De pronto, recordé lo que dijo Carlomagno. “¡Que mis ejércitos sean las rocas, los árboles y los pájaros del cielo!”

Indiana Jones y la última cruzada (Steven Spielberg, 1989)

Y no es ninguna tontería eso de sobrevivir en el Parque Nacional de Shoshone. No solo porque los osos pardos se acerquen a limarse las uñas contra árboles de cincuenta pies de altura que usan como mondadientes, sino porque el argumento ofrece más pronto que tarde un hombre del saco que se suma a la naturaleza, lo desconocido y el mismo protagonista, quien antes o después, advertimos que no deja de ser su peor enemigo. Frente a esa gran carga que arrastra Henry (¿encontrará la forma de encauzar su vida de nuevo?) se suma otra pregunta: ¿qué ocurre en Shoshone?; ¿están en peligro?; ¿lo descubrirán siquiera?

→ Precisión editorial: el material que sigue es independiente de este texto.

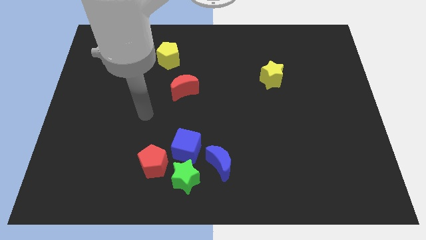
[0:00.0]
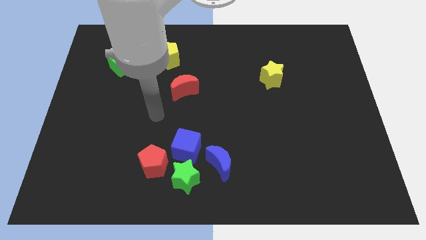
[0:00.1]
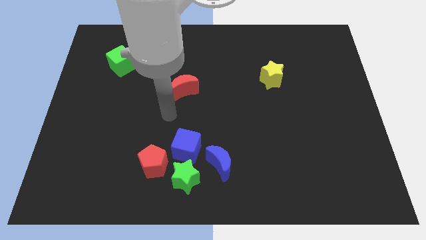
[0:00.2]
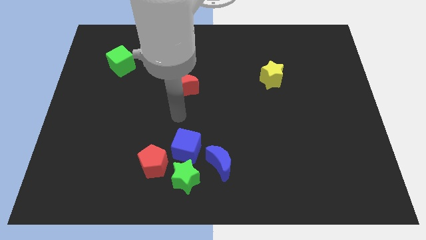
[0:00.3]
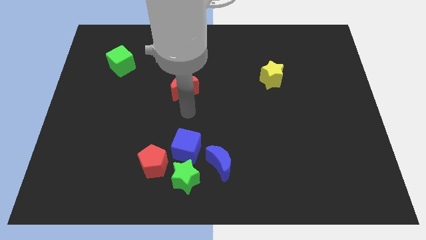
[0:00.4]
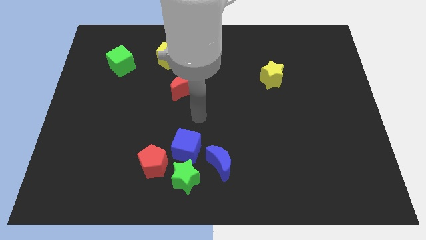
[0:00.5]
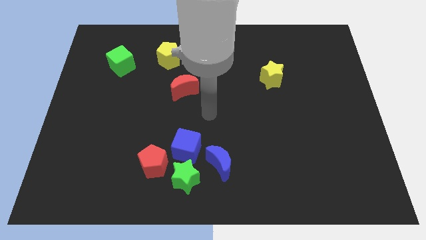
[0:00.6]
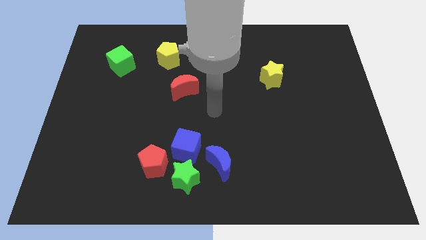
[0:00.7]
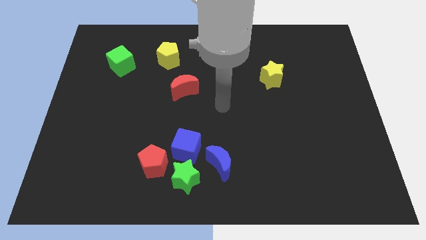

Aquí, Firewatch juega muy bien con las expectativas del jugador, e incluso con las normas internas del propio género (destrozándolas), donde cada pequeño detalle suele conducir a otra cosa, y esta, a otra… pero no aquí . Quizá una tienda de campaña hecha jirones puede significar o no significar; o una llamada misteriosa de tu jefa, quien ha olvidado colgar el teléfono… Es realismo puro y duro: en el peor sentido de las palabras.

Firewatch (bosque de álamos)

Es esta trama articulada en pequeñas decisiones que te acercan a Wyoming sin prisa la verdadera maravilla tras Firewatch. Su secreto. Son los pequeños detalles: los textos, el pastor alemán o el beagle, esa primera frase, los hijos ahora, o nunca, la música que perfila la escena, y, poco a poco, las montañas, y el verde, y esa luz anaranjada, de amarillos y rojos cuando el sol agoniza. Un planteamiento novedoso que crea expectación y nos introduce en una historia con los elementos justos al principio (texto, un garaje, una senda, el bosque) y explota en una panorámica de postal. Tu trabajo. Tu nuevo hogar. Tu vida.